• **Task prompt**:
When a line in the entries contains the word "style", copy that line in full.

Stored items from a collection

***

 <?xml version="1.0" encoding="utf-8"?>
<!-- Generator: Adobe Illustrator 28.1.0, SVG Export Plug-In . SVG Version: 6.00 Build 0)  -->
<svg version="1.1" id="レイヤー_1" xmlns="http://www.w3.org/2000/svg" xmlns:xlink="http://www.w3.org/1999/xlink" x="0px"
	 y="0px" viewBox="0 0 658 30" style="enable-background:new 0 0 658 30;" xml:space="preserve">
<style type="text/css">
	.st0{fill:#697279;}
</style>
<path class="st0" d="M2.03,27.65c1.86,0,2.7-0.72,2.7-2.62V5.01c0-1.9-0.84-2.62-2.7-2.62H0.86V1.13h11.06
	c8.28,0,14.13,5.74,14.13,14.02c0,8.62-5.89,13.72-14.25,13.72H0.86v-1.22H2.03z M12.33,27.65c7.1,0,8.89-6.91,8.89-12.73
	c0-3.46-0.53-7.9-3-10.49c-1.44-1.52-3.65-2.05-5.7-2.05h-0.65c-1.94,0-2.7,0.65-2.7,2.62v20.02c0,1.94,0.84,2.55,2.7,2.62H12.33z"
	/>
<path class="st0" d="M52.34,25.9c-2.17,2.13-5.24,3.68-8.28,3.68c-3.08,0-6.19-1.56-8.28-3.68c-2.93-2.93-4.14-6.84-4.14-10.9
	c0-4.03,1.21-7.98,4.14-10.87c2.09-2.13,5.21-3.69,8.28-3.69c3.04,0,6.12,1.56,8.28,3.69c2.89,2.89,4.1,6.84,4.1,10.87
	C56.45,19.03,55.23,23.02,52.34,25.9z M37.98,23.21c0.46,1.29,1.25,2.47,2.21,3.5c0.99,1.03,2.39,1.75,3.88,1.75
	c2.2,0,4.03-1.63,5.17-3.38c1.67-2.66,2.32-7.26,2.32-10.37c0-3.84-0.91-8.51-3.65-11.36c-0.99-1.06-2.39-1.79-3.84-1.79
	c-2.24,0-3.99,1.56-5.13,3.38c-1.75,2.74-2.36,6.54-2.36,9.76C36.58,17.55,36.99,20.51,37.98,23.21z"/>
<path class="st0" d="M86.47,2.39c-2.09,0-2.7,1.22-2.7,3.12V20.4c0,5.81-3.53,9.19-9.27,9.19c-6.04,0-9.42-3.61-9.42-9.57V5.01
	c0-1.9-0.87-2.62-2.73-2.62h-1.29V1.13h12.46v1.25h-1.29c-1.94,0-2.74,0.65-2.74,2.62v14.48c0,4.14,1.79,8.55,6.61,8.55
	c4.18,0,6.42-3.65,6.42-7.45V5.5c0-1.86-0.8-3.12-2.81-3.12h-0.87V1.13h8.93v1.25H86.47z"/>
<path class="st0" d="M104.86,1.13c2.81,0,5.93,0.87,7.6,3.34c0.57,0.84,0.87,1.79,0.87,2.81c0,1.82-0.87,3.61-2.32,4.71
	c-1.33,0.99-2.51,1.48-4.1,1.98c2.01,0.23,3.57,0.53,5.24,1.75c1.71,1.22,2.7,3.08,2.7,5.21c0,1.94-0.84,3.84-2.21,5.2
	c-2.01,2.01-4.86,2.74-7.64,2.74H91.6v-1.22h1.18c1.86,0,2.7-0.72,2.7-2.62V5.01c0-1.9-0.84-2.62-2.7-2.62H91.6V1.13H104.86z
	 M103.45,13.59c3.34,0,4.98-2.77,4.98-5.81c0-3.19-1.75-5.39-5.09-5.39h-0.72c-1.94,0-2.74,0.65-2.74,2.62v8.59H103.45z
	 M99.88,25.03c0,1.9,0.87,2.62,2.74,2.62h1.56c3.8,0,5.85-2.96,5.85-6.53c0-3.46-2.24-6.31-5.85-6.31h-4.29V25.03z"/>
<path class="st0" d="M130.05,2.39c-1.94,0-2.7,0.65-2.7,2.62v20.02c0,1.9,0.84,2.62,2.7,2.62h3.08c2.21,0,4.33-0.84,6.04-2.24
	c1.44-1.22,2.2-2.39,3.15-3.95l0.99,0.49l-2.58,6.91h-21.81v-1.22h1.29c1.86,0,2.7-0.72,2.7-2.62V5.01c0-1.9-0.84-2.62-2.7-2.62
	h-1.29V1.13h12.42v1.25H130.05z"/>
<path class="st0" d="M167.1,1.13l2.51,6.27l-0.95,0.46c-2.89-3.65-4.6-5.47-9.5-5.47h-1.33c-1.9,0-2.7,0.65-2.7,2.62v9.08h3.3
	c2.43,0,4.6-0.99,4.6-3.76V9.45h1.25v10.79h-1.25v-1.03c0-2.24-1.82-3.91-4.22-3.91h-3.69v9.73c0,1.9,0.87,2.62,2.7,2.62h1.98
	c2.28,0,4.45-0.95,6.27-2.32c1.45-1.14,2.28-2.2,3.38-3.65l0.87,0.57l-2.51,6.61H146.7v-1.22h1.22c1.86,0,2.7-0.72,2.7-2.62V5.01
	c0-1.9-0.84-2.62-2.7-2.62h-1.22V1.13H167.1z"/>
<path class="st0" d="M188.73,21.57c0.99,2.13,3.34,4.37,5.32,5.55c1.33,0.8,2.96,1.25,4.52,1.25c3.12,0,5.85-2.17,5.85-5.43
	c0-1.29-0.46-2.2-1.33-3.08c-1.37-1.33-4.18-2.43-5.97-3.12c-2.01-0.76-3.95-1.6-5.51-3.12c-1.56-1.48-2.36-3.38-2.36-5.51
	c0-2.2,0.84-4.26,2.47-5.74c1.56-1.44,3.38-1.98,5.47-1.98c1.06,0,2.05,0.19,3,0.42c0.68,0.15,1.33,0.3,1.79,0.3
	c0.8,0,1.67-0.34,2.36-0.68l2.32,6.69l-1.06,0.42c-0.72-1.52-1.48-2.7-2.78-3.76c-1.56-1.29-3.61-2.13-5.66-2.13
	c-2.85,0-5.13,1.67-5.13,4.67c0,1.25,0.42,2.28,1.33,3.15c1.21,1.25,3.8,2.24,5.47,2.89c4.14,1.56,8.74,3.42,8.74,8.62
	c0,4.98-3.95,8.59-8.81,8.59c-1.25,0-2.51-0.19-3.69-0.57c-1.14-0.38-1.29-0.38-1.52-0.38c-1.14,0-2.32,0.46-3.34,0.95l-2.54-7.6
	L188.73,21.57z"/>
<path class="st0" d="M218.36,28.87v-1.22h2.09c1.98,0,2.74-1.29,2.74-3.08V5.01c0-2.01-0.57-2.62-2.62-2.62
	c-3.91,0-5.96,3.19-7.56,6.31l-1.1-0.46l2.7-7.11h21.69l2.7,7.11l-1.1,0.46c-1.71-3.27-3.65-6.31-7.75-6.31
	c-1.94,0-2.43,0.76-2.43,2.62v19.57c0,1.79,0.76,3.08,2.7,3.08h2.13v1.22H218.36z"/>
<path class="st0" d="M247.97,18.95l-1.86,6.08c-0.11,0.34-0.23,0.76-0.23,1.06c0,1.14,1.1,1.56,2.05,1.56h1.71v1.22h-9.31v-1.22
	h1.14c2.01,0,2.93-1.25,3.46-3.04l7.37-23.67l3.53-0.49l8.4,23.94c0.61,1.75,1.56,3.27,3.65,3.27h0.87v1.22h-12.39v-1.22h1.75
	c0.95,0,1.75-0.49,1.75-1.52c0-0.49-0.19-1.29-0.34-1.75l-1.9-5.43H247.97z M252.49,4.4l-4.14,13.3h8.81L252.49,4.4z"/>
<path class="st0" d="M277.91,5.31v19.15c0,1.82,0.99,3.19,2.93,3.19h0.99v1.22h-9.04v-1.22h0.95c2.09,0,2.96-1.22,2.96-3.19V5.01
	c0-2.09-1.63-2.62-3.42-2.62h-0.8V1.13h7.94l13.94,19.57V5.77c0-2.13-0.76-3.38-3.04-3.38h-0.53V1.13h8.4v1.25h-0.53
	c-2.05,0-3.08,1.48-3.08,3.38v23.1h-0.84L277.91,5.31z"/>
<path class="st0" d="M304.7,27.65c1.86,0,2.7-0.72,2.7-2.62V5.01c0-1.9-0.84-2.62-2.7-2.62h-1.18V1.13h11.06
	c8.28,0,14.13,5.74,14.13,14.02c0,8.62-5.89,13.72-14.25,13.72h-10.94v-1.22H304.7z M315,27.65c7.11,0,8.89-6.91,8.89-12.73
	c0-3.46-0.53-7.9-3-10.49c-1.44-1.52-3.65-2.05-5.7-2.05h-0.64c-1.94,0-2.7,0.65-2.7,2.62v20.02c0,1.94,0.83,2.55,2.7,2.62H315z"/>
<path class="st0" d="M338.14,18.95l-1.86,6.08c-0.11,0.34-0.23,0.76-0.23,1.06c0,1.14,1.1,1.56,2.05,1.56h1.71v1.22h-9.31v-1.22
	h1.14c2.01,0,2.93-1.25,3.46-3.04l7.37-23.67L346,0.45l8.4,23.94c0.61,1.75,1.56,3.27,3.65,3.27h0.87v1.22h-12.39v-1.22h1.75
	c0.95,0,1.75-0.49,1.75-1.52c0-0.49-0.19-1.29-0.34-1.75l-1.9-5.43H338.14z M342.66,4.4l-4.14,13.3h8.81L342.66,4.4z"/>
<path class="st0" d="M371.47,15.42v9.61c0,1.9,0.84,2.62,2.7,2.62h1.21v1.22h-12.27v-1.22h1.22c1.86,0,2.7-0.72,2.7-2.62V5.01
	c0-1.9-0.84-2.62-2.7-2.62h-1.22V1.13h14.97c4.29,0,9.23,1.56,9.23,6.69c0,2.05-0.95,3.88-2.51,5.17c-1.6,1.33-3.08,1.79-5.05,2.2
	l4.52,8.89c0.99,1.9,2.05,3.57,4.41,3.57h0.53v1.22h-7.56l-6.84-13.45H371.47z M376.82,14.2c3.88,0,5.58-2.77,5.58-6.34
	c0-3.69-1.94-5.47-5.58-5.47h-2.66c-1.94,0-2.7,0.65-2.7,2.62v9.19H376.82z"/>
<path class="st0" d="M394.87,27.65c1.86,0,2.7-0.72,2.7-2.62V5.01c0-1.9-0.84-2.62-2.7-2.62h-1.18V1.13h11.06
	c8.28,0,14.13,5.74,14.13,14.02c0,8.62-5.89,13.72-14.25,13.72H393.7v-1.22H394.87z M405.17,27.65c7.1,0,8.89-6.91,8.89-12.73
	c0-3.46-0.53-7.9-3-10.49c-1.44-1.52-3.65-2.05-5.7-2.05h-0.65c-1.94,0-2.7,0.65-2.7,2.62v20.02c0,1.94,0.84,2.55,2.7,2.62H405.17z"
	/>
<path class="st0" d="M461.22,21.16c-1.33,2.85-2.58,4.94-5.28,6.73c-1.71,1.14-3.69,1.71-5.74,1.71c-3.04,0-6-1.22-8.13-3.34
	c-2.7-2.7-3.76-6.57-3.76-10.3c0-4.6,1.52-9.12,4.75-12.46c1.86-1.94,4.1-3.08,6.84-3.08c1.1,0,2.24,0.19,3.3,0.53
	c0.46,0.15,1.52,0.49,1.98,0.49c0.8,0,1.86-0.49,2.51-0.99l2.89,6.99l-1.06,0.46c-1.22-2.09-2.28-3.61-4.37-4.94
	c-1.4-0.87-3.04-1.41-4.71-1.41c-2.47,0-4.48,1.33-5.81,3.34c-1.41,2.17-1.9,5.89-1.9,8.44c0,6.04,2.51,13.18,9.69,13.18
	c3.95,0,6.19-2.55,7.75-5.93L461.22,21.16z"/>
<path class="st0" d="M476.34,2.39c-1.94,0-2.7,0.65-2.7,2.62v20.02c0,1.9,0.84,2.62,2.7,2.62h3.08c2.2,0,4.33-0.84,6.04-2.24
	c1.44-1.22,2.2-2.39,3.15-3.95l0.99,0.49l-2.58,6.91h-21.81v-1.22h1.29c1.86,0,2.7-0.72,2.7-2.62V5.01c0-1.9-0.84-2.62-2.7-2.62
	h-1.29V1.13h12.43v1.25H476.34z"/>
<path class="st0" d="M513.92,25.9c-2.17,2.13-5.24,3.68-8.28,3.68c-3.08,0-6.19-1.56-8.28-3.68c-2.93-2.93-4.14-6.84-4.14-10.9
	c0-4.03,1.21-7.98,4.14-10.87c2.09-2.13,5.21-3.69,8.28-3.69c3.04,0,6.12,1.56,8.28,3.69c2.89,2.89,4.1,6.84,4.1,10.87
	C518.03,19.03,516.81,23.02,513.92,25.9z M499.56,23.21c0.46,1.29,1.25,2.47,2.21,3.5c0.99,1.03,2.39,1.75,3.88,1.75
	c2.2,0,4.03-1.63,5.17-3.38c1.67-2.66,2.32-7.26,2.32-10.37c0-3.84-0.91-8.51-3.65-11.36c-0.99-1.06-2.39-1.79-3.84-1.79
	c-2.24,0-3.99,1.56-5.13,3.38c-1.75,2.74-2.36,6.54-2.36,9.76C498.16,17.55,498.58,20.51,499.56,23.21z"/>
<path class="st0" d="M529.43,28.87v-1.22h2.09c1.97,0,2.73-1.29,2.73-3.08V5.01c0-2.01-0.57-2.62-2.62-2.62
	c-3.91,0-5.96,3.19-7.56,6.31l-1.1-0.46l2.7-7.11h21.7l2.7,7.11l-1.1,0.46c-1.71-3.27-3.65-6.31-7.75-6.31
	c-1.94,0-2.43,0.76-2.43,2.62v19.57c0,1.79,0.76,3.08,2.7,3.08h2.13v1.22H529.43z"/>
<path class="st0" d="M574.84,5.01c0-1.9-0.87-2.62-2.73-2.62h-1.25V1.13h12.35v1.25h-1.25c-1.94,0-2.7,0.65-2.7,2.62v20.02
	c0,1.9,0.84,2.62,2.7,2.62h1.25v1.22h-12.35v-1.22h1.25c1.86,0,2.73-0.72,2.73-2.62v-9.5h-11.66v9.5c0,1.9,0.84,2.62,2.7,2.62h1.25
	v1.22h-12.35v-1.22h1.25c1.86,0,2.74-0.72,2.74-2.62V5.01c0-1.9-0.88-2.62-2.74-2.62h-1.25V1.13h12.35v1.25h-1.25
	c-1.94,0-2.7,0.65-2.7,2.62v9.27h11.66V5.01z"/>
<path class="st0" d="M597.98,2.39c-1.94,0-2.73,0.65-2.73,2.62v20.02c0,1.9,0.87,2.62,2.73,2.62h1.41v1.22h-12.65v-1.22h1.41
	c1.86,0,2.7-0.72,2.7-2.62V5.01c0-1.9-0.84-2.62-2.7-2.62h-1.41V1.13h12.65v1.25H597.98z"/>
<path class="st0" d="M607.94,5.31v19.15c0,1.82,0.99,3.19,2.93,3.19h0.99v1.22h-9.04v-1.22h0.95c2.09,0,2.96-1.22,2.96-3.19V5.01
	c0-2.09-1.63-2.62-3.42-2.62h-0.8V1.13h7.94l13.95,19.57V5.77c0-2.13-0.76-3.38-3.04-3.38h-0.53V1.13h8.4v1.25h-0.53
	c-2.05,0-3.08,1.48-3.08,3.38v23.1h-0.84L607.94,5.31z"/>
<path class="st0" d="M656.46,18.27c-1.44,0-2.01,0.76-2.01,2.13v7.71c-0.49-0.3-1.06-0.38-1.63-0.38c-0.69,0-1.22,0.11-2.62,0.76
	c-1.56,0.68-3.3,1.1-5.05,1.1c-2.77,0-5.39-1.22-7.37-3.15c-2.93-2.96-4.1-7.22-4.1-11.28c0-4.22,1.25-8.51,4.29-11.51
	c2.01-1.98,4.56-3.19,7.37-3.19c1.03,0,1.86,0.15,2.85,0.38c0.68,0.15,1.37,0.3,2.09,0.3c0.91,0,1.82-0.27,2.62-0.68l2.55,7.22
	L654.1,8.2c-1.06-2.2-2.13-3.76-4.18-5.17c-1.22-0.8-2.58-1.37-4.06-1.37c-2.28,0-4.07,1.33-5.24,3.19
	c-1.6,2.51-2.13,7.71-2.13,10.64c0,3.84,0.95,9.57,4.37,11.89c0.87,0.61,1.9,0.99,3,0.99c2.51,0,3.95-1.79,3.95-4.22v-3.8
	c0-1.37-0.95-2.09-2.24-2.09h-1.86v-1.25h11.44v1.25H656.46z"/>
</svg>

***

• **Solution to this problem**:
	 y="0px" viewBox="0 0 658 30" style="enable-background:new 0 0 658 30;" xml:space="preserve">
<style type="text/css">
</style>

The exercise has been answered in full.